[Opening Given data section]

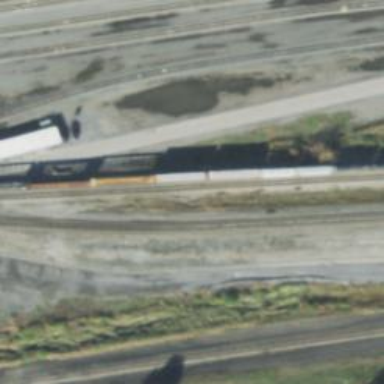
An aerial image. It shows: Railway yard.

[Closing Given data section]
[Opening Given data section]

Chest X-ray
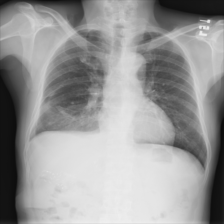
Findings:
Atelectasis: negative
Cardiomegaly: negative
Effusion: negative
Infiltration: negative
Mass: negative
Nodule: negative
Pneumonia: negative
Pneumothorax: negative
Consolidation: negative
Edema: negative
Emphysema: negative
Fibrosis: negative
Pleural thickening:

[Closing Given data section]

▶ Requirement: Search the records above for "negative". Copy each line where it is found.

▶ Written reply:
Atelectasis: negative
Cardiomegaly: negative
Effusion: negative
Infiltration: negative
Mass: negative
Nodule: negative
Pneumonia: negative
Pneumothorax: negative
Consolidation: negative
Edema: negative
Emphysema: negative
Fibrosis: negative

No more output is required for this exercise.